DELETE  /_querqy/rewriter/common_rules

will delete your common_rules rewriter.

Rewriter configuration in Solr

The rewrite chain is configured at the Querqy query parser in solrconfig.xml:

 1
 2
 3
 4
 5
 6
 7
 8
 9
10
11
12
13
14
15
16
17
18
19
20
21
22
23
24
25
26
27
28
29
30
31
32
33
34
35
36
37
38
39
40
41
42
<!--
  Add the Querqy query parser.
-->
<queryParser name="querqy" class="querqy.solr.DefaultQuerqyDismaxQParserPlugin">

  <lst name="rewriteChain">

     <!--
       Common Rules Rewriter
     -->
     <lst name="rewriter">

       <str name="id">commonRules</str>

       <str name="class">querqy.solr.SimpleCommonRulesRewriterFactory</str>

         <!--
           The file that contains rules for synonyms, boosting etc.
          -->
       <str name="rules">rules.txt</str>

     </lst>

     <!--

       You can add more rewriters here

     <lst name="rewriter">
       <str name="id">rewriter2</str>
       <str name="class">...</str>
        ....
     </lst>

     <lst name="rewriter">
       <str name="class">...</str>
        ....
     </lst>

     -->


</queryParser>

The lst element rewriteChain (line #6) serves as a container for the rewriters.

Each rewriter is defined in a rewriter lst element (#11).

All rewriters must have a class property (#15) that specifies a factory for creating the rewriter.

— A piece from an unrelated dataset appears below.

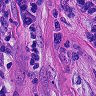
Metastatic tissue present: yes
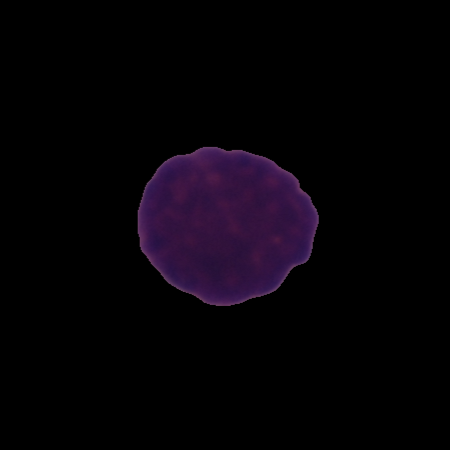
Label: healthy

The id property (#13) is optional. In some cases the id is used to route request parameters to a specific rewriter.

The ‘id’ and ‘class’ properties are the only properties that are available for all rewriters. Rewriters can have additional properties that will only have a meaning for the specific rewriter implementation.

In the example, the rules property specifies the resource that contains rule definitions for the ‘Common Rules Rewriter’. Resources are files that are either kept in ZooKeeper as part of the configset (SolrCloud) or in the ‘conf’ folder of a Solr core in standalone or master-slave Solr. They can be gzipped, which will be auto-detected by Querqy, regardless of the file name. If you keep your files in ZooKeeper, remember the maximum file size in ZooKeeper (default: 1 MB).

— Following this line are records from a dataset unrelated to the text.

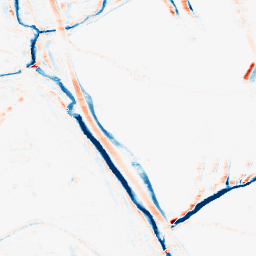
Category: morphological
Decomposition family: morphological_rect
Decomposition parameters: operation: average
width: 10
height: 5
Upsampling method: sinc_blackman
Upsampling parameters: scale: 2
kernel_size: 16
Upsampling scale: 2
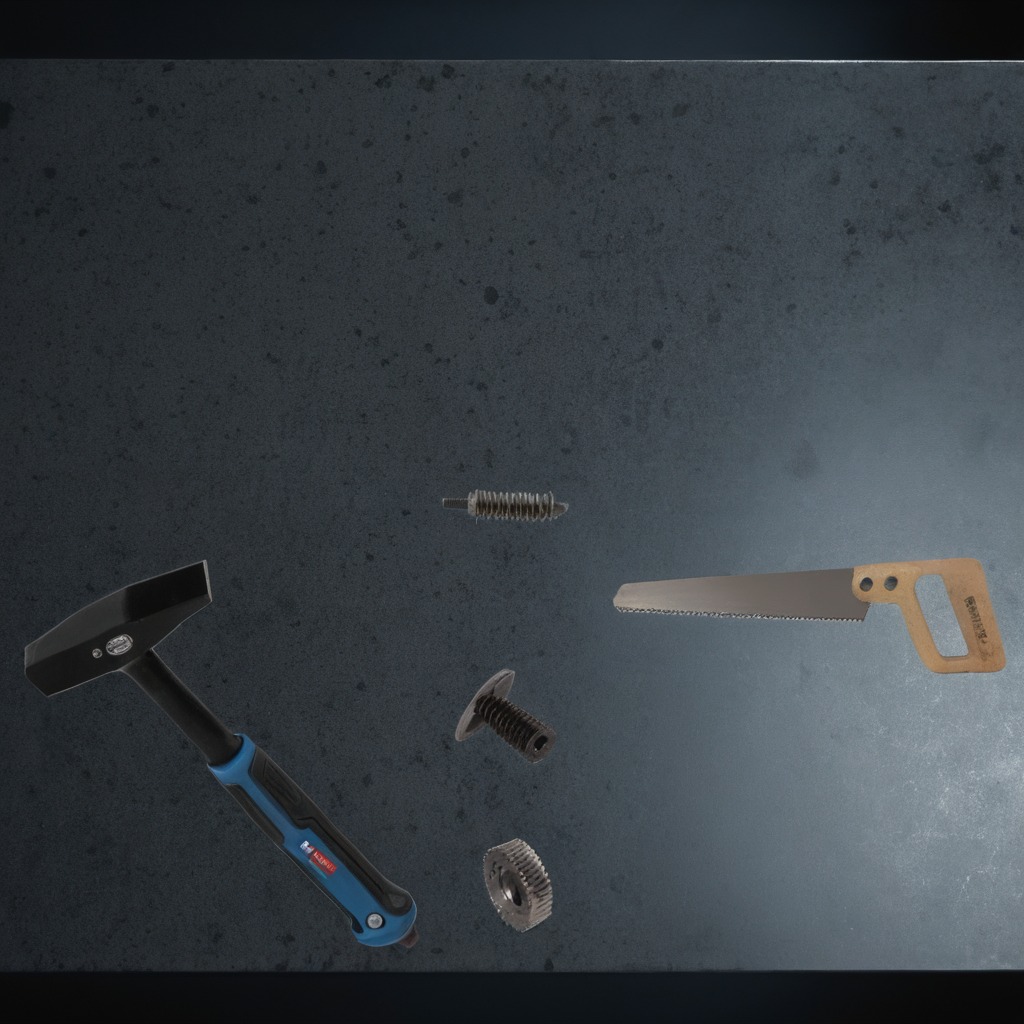
A steel gear with teeth, a hammer, a metal machine screw, a coiled metal spring, and a handheld metal saw are lying on the clean granite table inside a workshop at night dim ambient light soft shadows worn but

List of available rewriters

The list below contains all rewriters that come with Querqy. Click on the rewriter name to see the documentation.

Common Rules Rewriter

Query-dependent rules for synonyms, result boosting (up/down), filters; ‘decorate’ result with addition information

Replace Rewriter

Replace query terms. Used as a query normalisation step, usually applied before the query is processed further, for example, before the Common Rules Rewriter is applied

Word Break Rewriter

(De)compounds query tokens. Splits compound words or creates compounds from separate tokens.

Number-Unit Rewriter

Recognises numerical values and units of measurement in the query and matches them with indexed fields. Allows for range matches and boosting of the exactly matching value.

Shingle Rewriter

Creates shingles (compounds) from adjacent query tokens and adds them as synonyms.